### Exercise objective:
Nothing but a number is needed: the count of lines below that include "viewBox".

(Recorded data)
• • •

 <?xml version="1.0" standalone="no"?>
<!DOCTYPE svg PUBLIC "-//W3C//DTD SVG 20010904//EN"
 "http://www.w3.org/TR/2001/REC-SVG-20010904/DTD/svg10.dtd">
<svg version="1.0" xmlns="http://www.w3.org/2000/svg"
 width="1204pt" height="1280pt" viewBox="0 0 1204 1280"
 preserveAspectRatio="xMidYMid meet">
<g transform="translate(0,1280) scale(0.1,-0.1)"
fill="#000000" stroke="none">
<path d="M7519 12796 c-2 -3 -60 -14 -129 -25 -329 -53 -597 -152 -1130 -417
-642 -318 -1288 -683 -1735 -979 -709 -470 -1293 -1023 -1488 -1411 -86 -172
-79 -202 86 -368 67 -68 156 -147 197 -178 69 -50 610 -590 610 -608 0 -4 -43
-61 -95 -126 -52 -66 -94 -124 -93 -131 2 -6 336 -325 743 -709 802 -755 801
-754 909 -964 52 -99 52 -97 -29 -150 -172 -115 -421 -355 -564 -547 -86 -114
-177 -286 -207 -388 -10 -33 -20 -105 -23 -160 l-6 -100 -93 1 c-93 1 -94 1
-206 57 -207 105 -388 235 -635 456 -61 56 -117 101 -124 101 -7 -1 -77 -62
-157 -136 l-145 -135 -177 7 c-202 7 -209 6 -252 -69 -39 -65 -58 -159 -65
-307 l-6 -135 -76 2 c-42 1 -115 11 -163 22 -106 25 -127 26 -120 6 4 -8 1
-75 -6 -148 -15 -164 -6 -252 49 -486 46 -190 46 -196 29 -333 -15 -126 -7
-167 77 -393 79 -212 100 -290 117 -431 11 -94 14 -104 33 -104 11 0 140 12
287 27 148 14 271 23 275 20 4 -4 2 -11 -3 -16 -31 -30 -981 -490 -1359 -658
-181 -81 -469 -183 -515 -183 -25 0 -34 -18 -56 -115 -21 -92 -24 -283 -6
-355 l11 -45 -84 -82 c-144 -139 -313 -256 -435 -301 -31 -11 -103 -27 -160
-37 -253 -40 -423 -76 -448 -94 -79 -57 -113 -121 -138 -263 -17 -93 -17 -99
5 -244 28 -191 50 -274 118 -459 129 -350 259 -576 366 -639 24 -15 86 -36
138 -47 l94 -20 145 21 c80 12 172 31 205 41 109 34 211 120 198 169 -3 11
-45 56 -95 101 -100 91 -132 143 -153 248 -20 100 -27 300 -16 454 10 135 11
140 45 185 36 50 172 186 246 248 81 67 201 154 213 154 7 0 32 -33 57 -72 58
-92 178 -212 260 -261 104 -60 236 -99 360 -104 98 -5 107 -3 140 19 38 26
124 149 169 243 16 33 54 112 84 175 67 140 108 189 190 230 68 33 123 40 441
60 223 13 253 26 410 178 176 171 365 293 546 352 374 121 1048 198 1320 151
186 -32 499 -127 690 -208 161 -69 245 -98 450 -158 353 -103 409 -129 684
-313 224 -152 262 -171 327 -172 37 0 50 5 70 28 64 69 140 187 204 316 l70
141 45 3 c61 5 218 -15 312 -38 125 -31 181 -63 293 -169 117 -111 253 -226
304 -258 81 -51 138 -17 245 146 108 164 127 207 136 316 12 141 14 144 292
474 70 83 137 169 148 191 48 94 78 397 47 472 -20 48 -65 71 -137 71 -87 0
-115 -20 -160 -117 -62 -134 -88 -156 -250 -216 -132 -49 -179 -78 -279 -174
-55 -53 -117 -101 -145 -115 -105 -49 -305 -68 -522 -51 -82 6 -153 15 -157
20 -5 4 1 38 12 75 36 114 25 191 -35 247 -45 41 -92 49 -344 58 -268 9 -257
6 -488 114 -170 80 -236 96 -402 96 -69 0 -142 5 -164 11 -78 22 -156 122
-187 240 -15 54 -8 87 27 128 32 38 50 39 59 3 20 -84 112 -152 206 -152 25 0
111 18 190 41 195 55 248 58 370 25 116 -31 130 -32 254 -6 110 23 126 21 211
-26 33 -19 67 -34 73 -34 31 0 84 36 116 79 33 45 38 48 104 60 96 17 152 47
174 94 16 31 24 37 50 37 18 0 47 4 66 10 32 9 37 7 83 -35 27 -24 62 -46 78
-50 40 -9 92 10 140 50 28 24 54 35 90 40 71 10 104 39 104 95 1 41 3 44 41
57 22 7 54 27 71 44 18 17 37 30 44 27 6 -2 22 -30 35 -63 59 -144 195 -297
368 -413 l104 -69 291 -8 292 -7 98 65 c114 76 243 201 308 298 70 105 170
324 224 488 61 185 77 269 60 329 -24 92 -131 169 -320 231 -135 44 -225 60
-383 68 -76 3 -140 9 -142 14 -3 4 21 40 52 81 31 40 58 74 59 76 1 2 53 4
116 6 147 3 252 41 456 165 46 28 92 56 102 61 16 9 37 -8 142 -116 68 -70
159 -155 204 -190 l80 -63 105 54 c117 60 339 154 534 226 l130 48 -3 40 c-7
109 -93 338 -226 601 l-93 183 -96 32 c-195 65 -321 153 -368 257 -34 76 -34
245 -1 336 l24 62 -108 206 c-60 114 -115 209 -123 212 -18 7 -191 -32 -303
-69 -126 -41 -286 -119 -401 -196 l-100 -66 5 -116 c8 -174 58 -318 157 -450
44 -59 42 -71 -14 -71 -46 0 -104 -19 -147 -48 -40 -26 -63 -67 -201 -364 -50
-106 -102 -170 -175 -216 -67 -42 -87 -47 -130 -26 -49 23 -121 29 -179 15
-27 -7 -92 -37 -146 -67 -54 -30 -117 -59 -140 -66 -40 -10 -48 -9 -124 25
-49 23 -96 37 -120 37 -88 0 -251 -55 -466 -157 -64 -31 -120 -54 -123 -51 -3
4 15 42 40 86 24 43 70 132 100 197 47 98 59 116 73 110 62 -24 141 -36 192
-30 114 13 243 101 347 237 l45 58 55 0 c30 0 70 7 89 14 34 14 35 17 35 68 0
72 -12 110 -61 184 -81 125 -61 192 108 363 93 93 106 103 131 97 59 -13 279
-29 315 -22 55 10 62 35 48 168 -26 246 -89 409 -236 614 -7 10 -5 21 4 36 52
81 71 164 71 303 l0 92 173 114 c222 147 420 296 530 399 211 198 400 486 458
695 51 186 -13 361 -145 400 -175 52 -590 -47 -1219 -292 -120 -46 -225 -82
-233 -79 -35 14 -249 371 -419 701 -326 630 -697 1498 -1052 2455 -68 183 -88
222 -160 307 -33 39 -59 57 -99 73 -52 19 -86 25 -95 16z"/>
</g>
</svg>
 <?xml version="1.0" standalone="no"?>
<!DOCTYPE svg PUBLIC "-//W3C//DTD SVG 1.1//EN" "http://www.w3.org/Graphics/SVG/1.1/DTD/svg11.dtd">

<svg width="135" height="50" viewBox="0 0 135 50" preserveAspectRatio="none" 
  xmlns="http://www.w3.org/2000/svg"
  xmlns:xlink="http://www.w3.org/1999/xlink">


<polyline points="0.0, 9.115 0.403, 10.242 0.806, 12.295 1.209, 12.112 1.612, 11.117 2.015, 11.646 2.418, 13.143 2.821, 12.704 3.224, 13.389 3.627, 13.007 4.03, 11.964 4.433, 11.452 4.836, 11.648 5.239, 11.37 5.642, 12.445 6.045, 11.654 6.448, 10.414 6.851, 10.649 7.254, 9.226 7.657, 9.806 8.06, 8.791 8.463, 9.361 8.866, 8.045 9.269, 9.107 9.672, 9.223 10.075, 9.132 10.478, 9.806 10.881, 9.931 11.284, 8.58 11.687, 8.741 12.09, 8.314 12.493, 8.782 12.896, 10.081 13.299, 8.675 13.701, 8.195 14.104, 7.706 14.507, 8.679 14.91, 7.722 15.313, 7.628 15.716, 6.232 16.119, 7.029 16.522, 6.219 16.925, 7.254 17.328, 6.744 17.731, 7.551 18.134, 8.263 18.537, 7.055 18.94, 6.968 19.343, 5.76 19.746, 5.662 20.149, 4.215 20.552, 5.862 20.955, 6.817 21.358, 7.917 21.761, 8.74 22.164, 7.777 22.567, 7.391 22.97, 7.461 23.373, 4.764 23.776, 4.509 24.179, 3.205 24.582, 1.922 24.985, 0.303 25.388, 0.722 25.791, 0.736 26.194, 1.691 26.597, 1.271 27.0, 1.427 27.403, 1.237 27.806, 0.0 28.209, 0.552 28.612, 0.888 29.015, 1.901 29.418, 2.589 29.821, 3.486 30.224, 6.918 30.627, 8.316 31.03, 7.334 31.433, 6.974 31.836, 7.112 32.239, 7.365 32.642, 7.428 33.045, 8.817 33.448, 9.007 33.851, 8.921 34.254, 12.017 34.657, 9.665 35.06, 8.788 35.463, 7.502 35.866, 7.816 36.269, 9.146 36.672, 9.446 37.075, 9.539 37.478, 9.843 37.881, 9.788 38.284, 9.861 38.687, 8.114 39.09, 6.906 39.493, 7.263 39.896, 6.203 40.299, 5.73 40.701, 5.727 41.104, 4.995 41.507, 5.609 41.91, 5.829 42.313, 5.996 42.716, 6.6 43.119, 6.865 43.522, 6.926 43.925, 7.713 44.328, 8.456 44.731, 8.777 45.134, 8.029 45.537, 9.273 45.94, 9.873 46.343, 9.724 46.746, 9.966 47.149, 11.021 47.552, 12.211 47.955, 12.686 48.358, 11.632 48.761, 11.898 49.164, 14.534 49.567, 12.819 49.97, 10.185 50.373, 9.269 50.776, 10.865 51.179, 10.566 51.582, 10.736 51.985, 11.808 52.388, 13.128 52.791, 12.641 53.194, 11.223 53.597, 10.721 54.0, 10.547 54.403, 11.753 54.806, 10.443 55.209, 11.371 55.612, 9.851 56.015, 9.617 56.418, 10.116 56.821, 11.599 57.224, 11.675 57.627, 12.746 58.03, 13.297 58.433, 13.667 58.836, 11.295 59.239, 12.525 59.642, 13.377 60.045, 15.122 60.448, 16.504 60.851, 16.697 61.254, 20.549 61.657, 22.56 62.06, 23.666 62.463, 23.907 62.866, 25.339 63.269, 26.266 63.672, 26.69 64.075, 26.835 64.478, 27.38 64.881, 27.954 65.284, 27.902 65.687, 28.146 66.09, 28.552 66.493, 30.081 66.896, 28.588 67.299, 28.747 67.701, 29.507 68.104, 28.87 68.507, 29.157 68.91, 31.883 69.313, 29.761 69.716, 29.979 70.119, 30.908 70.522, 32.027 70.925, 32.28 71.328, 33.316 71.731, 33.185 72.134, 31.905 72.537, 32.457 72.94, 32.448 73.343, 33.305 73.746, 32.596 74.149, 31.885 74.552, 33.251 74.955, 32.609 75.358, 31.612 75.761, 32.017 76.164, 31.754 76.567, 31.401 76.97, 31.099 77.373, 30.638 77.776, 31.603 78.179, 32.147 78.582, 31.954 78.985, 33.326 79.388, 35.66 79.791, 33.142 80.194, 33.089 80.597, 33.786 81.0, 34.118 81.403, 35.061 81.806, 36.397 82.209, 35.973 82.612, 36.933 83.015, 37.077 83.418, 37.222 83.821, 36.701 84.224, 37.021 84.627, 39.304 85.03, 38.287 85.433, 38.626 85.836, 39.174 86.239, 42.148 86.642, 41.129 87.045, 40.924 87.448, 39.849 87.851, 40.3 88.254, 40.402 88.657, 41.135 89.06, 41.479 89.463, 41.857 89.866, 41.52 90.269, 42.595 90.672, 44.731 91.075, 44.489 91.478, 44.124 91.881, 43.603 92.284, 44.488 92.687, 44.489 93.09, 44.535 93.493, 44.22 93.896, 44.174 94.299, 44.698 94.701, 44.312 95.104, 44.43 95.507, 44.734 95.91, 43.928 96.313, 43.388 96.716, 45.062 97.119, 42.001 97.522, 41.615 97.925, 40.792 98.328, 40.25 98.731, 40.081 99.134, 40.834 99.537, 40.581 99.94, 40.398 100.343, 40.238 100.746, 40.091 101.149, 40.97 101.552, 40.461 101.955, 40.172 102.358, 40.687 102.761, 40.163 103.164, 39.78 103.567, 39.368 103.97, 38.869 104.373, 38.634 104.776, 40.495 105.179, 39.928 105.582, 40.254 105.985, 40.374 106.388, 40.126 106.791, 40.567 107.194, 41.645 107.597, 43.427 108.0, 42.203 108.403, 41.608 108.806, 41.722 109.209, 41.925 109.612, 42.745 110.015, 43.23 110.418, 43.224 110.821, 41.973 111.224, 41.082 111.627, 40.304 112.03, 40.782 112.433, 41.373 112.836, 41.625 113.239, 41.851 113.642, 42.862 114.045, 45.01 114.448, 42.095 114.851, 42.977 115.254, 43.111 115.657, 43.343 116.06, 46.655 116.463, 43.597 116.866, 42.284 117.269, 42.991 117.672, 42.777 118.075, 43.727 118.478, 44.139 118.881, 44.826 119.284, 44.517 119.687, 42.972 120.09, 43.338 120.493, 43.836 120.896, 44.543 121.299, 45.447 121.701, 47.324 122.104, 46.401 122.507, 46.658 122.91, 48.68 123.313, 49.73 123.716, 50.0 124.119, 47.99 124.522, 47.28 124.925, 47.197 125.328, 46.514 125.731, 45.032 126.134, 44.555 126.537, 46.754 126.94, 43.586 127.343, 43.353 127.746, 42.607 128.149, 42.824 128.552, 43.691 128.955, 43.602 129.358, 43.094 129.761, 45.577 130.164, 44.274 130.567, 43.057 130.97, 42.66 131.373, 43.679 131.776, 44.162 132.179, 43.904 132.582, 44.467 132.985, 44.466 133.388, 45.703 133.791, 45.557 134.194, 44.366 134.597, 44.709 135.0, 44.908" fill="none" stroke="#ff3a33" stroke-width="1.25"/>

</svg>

• • •

### Result of the task:
2